So, how does one get better at programming when the game is so much more than the program? It is probably accepting you do not know much and continuously learning about how the game is played. If you are like me that may mean projects, articles, and failing to get past chapter one of The Art of Computer Programming by Donald Knuth. It definitely won’t mean freaking out about whatever new technology or tool comes out that threatens my identity nor sucking life milk from the tit of Elon Musk and Dario Amodei while putting our savings into ETH and NVIDIA stocks.
I would rather be an urban farmer. That does not mean black farmer, it just means city farmer. For you assholes. I mean I'd still be a black, city farmer. But I'm getting off track. Technology is not the result of "market forces". It is shaped by democratic participation (explored in the youtube video on exploring technology and philosophy). The question we have for our time isn't whether to have AI or not. The question Feenberg and Boggs move me to investigate is who has a seat at the table when technical decisions get made? At the highest levels: capital. Not workers. Not users. Not communities. Rich people are not your daddy. And if they are your daddy tell em slide me like 35K for the culture.

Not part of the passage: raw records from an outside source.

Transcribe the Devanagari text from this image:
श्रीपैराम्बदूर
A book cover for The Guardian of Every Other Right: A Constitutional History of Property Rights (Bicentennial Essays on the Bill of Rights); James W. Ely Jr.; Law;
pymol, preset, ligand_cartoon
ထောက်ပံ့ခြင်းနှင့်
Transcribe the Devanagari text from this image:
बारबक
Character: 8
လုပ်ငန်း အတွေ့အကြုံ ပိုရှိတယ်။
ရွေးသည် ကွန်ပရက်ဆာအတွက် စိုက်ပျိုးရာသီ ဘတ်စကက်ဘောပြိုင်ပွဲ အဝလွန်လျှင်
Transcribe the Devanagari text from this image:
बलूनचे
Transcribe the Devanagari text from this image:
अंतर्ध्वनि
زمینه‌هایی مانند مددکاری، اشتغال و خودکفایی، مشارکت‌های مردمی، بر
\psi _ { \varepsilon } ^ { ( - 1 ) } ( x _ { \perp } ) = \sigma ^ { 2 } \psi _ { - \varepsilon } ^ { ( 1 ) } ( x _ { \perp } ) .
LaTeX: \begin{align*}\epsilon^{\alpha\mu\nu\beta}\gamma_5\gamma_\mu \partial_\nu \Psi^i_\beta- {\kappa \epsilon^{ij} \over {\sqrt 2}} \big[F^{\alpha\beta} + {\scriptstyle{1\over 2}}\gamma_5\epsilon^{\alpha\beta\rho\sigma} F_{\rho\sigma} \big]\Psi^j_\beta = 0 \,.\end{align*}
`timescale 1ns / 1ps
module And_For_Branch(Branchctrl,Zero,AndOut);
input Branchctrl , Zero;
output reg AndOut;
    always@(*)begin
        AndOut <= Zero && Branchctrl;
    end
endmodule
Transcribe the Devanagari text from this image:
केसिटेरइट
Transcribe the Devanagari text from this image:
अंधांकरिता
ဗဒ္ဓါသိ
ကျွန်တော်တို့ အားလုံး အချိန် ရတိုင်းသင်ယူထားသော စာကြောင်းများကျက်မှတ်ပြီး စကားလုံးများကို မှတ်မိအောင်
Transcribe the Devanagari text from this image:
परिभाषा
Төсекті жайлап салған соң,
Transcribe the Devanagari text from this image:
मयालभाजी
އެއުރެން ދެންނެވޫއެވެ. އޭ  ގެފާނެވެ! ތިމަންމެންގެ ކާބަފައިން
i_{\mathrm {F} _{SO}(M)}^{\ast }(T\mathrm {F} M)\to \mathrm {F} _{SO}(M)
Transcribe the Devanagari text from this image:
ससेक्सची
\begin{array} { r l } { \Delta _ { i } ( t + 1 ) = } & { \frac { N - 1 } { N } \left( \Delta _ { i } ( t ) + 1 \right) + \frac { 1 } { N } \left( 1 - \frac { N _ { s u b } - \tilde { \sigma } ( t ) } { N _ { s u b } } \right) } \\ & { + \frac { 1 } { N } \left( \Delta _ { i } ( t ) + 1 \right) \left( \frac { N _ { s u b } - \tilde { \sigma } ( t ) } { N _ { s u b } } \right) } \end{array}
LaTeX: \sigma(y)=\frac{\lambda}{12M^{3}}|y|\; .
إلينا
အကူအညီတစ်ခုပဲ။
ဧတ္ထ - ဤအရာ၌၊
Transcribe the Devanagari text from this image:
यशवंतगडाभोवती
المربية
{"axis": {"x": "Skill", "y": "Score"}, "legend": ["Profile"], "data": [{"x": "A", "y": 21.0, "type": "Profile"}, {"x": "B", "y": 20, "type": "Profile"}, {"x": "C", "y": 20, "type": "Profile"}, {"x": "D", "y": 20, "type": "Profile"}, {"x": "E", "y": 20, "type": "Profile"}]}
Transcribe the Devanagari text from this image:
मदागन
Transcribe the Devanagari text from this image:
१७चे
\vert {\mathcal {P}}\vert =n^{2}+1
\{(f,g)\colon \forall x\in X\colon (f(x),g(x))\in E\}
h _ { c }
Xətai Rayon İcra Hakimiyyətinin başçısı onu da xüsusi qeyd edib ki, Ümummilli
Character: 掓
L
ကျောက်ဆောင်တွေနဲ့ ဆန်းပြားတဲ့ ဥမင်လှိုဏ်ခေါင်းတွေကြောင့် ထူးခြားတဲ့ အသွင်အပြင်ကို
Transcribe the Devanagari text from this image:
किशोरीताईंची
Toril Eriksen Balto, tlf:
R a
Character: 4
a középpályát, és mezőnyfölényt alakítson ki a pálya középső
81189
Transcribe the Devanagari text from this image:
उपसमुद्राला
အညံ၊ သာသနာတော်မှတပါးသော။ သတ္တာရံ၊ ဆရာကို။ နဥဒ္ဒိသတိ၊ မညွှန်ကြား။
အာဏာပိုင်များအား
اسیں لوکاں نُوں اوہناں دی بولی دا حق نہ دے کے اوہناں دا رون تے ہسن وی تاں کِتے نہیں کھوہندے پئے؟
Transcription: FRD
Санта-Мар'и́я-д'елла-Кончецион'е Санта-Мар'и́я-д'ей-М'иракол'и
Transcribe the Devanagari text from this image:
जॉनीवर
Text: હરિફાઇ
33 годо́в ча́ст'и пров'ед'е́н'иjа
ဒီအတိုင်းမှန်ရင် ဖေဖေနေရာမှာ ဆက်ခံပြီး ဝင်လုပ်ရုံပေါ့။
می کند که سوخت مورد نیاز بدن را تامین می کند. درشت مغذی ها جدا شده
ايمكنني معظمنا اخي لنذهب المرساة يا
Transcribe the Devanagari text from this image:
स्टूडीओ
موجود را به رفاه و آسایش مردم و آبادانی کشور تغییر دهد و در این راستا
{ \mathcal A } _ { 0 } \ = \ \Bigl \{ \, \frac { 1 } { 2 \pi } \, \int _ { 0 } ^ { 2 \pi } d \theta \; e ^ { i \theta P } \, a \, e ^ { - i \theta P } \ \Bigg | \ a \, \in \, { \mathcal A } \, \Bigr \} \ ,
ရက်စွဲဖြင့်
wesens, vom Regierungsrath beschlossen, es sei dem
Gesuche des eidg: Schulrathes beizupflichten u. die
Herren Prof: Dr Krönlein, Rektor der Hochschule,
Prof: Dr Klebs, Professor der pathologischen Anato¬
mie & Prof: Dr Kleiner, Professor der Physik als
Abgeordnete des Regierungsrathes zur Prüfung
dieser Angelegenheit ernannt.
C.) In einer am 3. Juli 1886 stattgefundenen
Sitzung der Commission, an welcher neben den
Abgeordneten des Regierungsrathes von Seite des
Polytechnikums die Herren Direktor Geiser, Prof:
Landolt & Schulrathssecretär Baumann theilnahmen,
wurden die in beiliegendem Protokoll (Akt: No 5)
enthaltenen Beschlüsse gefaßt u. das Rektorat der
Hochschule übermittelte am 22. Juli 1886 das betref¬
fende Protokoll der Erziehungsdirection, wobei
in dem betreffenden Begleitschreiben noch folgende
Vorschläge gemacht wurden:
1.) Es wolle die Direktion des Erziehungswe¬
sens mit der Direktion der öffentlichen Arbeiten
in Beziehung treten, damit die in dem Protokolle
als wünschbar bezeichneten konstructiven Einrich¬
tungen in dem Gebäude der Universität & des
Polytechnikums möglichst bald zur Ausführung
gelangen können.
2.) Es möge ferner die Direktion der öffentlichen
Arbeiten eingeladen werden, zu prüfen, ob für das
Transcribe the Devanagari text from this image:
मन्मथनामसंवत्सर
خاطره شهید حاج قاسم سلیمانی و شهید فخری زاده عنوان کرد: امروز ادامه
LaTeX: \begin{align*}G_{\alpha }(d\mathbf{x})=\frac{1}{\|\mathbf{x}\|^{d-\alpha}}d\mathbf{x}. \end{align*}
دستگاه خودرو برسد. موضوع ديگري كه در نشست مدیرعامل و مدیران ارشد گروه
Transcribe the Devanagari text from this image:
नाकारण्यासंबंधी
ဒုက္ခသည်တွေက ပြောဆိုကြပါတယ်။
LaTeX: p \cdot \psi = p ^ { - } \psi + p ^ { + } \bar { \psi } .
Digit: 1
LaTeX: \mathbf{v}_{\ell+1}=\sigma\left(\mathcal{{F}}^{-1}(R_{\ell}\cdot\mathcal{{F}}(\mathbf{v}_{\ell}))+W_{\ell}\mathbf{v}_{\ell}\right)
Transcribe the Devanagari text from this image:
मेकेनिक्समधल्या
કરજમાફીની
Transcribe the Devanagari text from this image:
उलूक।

We have already faced the "question of automation: whether to be for the technological revolutions of automation despite all the people who will be displaced, or to be opposed to this advance, sticking with the old workers who are resisting the new machinery, as workers have done traditionally since the invention of the spinning jenny. (Pages From a Black Radical's Notebook_, Bogg's, James, pg. 104)". The result was the displacement of factory workers.
I think the solution to any issue around some emergent technology will most definitely include the issues that existed prior to said issue. There has always been an issue hiring. There has always been an issue reviewing PRs in small teams. Businesses have always cut IT departments for profit margins. Matchmaking in Rocket League has been problematic since they removed the option to choose solo or team queues. Rocket League is a small community of vocal nerds who will complain about the game if it gets too bad.
The scale of labor is a bit harder to address. We can’t really escape the nature of our work until we invert the dynamic of being skilled labor captured by market forces. We should at some point ask ourselves how we shall steward technology. Not like the OpenAI bait and switch but as like, idk, a collection of laborers. Maybe like stewards. Guardians of tech. Team....Hmmm. Code Collective...probably taken. But we should be a group with some name that unites us. I’m not sure if there’s a word for it…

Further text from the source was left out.